From: "Robby Dermody" <[EMAIL PROTECTED]>

   This works fine, however at some point, the call will most likely need to be
   transferred from one internal Asterisk box to the other Asterisk box (e.g.A1
   to A2). At this point, what we have set to happen is that A1 would send a
   REFER up through the proxy, the proxy caches an auth token record from info
   in the outgoing REFER and writes the token ID into the Refer-To header
   (along with its own address as the recipient) as the REFER goes out to the
   SIP trunk, and then when the subsequent invite is made from the sip trunk
   (to something like route_34983948-34343@<sipProxyIP> with that
   34983948-34343 being the token ID) the SIP proxy will look up that auth
   token, rewrite the RURI with the cached info and direct the call to the
   appropriate internal asterisk box...A2 in this case.
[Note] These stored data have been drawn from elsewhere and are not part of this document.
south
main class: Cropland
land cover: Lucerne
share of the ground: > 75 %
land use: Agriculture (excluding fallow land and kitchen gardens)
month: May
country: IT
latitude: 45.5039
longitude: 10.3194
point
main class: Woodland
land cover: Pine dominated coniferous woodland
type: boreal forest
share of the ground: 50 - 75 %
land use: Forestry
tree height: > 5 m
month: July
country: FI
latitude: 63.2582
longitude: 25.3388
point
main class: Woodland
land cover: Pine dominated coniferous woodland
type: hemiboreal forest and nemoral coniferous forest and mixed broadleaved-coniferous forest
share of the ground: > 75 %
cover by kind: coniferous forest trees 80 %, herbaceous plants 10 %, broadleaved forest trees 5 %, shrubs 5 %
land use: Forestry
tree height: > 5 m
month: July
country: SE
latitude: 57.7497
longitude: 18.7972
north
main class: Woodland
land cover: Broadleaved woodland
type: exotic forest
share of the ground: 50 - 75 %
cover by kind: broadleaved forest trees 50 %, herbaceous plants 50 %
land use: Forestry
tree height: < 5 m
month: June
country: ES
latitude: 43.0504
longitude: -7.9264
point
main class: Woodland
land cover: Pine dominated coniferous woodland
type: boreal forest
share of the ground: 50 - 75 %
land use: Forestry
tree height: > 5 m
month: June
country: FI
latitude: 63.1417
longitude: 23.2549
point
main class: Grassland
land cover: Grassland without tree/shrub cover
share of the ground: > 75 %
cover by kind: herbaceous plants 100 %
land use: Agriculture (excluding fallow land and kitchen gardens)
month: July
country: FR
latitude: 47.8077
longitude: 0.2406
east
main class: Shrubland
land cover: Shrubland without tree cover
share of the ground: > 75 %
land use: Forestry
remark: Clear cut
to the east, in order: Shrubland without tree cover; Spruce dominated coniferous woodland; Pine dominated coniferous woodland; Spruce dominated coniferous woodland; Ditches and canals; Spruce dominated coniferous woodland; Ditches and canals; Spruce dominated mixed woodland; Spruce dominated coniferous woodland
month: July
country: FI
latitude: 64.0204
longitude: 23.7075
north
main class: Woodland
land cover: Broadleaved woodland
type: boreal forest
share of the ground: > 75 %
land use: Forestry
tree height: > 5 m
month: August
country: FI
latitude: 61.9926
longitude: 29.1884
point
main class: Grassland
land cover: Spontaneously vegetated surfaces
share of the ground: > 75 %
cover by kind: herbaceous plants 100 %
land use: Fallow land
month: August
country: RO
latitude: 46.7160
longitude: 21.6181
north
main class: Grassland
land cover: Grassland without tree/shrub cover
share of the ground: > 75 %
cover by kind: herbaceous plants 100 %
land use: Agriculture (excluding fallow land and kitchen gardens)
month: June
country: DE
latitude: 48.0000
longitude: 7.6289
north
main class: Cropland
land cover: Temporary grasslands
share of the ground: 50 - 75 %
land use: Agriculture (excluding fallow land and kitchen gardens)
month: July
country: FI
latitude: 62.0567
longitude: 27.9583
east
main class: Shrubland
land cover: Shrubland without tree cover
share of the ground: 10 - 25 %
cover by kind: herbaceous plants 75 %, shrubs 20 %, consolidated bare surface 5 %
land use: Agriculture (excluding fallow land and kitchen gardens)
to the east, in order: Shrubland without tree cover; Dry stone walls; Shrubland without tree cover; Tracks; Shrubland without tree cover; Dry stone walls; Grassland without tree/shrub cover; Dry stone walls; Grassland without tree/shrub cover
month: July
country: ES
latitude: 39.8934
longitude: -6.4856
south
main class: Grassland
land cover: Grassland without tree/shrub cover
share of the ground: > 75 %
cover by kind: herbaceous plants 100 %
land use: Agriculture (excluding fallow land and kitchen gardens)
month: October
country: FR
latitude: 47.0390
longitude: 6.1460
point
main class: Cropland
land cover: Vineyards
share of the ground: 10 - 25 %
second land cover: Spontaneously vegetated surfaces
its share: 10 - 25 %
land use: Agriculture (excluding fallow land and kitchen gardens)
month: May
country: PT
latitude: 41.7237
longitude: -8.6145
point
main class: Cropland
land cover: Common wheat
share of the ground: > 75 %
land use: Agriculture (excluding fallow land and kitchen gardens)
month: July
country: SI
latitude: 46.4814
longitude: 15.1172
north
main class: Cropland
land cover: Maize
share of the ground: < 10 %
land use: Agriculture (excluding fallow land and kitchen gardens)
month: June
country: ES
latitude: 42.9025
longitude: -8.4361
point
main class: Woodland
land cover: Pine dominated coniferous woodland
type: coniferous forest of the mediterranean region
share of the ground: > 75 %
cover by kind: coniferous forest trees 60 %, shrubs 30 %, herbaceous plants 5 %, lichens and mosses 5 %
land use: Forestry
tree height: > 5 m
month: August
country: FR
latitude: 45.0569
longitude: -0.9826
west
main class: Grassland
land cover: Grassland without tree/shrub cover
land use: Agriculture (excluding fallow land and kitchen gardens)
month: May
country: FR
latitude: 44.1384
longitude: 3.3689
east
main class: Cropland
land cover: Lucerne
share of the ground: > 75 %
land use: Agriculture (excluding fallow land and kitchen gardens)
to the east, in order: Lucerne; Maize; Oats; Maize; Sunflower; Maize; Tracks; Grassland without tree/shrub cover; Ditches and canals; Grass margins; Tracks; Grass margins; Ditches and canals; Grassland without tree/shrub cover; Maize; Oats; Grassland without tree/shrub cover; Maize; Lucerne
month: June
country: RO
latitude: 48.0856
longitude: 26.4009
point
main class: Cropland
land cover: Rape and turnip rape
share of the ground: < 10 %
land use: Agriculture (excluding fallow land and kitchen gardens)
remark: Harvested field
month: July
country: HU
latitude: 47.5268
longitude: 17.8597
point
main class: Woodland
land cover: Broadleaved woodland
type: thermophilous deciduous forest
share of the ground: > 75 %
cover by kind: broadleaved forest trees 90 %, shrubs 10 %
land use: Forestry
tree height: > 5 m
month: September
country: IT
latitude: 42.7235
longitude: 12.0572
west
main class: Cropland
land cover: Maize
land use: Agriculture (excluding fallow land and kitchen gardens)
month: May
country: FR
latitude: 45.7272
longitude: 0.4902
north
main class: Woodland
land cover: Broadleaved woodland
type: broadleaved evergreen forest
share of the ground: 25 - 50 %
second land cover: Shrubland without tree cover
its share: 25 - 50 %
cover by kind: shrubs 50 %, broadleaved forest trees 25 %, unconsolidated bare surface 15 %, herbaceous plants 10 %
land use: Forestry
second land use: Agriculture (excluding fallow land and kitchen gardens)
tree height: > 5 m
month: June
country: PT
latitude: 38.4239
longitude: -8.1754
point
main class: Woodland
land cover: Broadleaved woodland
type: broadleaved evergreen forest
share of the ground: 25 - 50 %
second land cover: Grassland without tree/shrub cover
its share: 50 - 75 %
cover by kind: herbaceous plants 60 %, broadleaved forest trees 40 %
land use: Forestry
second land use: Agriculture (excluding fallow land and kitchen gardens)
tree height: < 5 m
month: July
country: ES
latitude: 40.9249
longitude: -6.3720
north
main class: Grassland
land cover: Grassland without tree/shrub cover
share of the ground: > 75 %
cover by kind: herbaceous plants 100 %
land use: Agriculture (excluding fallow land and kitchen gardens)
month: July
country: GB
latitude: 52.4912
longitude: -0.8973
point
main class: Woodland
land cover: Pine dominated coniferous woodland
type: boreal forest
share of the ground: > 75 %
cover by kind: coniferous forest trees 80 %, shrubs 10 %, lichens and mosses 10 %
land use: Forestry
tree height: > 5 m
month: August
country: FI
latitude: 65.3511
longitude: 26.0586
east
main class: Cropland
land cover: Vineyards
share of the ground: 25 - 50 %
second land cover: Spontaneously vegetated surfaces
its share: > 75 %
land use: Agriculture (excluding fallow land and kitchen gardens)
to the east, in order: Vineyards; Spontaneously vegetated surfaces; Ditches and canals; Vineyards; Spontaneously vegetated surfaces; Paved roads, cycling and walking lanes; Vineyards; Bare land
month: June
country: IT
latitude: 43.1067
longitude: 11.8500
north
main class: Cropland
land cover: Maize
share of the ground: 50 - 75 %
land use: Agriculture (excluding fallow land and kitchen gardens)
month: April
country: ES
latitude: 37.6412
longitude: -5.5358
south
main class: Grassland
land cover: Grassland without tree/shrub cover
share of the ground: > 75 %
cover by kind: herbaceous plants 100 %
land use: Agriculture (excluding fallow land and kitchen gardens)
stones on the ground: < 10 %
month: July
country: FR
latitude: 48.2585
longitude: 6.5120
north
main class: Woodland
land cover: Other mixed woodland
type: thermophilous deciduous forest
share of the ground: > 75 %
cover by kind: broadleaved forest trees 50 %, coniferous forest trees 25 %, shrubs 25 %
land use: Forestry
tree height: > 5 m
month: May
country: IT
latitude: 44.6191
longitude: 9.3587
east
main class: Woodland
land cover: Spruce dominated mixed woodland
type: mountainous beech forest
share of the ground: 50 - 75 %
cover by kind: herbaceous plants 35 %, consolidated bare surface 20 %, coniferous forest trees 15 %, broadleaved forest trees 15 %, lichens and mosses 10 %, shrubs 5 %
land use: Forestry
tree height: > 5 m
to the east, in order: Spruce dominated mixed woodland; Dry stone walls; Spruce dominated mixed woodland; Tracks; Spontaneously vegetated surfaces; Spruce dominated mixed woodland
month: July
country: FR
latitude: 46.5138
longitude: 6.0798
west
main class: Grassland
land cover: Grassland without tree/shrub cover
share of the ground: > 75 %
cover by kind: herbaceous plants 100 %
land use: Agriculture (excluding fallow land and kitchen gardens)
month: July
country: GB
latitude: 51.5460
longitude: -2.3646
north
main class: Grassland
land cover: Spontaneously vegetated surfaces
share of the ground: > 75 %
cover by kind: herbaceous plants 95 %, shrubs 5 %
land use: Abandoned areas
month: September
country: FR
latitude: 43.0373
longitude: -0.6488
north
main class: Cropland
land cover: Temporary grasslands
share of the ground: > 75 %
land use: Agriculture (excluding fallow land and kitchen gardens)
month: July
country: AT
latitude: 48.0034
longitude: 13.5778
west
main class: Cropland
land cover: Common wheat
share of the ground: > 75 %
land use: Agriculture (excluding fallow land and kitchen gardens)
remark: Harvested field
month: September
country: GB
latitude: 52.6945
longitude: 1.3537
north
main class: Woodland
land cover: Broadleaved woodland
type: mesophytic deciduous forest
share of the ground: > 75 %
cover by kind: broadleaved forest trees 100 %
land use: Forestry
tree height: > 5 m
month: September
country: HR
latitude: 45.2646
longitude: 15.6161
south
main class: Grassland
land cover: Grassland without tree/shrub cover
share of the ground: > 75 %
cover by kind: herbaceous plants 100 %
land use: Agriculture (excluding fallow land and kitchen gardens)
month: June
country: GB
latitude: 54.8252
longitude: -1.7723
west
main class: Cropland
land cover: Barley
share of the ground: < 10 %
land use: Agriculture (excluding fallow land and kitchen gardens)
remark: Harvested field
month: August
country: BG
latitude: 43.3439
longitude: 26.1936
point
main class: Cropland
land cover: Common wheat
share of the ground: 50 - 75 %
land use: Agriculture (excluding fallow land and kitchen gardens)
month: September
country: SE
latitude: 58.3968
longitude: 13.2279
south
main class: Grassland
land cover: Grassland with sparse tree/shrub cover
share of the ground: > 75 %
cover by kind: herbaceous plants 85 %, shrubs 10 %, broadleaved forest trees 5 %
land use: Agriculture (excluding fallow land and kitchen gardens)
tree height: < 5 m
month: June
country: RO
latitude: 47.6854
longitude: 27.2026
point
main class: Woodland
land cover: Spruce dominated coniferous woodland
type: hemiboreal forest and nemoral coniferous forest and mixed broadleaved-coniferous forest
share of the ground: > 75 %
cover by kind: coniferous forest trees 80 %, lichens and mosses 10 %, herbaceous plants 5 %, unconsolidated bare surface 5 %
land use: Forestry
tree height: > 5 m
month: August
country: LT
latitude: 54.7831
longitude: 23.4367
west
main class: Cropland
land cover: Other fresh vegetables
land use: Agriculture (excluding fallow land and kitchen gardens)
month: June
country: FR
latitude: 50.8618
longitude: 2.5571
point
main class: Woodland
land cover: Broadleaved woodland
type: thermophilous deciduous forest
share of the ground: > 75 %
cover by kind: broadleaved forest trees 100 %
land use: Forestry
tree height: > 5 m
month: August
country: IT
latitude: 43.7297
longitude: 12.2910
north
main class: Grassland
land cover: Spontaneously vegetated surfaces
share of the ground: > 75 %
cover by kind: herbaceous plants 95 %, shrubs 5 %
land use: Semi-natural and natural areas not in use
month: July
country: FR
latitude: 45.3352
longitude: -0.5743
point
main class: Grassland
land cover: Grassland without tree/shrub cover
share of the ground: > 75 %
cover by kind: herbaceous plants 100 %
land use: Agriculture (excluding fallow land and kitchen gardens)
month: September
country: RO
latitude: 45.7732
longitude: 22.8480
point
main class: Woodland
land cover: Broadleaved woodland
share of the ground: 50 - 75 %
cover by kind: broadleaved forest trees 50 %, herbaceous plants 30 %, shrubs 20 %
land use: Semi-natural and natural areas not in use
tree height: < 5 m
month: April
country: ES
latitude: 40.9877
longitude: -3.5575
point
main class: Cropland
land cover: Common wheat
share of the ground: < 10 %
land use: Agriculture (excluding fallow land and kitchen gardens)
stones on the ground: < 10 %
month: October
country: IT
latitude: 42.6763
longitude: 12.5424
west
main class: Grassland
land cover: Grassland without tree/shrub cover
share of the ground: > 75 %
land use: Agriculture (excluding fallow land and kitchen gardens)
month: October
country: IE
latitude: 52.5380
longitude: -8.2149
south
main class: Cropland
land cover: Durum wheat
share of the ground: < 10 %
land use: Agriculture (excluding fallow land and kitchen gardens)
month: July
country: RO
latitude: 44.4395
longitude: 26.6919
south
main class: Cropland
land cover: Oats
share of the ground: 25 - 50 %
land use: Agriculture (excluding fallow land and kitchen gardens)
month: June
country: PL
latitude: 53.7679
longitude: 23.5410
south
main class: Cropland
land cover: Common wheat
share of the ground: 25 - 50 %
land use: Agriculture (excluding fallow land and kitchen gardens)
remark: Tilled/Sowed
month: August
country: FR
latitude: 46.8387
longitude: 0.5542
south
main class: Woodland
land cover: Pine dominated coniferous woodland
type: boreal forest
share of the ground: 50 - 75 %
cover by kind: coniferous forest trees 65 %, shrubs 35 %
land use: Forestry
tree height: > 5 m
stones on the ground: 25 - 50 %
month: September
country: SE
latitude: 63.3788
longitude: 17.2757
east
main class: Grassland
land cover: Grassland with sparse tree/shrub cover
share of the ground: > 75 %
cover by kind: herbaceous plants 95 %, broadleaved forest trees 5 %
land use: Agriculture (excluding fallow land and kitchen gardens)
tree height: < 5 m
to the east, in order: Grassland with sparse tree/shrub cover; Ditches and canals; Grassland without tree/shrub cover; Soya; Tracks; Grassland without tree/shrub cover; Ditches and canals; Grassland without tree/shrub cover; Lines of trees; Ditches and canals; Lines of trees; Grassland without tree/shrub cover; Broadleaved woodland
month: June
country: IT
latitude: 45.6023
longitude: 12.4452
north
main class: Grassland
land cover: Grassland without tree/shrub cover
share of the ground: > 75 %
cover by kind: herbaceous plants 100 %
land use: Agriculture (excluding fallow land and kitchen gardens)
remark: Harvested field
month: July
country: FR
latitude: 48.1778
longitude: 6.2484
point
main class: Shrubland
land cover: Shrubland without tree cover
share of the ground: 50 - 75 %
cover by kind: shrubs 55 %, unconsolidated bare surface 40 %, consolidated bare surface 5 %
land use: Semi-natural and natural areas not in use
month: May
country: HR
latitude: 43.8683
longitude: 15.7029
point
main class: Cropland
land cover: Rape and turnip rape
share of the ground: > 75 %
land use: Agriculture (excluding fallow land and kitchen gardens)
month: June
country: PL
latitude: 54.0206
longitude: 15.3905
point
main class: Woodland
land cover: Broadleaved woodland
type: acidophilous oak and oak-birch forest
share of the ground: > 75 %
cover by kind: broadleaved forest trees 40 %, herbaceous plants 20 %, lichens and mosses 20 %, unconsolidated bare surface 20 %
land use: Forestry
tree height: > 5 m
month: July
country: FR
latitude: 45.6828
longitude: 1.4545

Though I think you could avoid having the proxy rewrite the RURI by
having the Refer-To address be something like
<sip:[EMAIL PROTECTED]> -- then the proxy would only have
to validate that the auth-token matched ext.

   So that all is done and would normally work. However our SIP provider says
   that it only provides "inbound DID service" and thus do not have their
   dialplan set up to handle REFERs with custom URIs (even if it is back down
   to the same openser proxy, as it always is in our case). So looking at this,
   I have two questions:

   1. Could resolving this problem just be as simple as finding a new SIP DID
   provider? I am a bit worried that providers may consider use of REFERs in
   any way as "SIP termination" (e.g. outgoing service) and either not office
   REFER support or charge accordingly for outbound access, even though this is
   clearly still inbound.

Yes, SIP trunk providers generally do only what POTS lines would do,
and that doesn't include handling REFERs correctly.  Which is pretty
nasty, because eventually the "trunk" is going to be a real Internet
connection, and in general you want the REFER to reach the far end.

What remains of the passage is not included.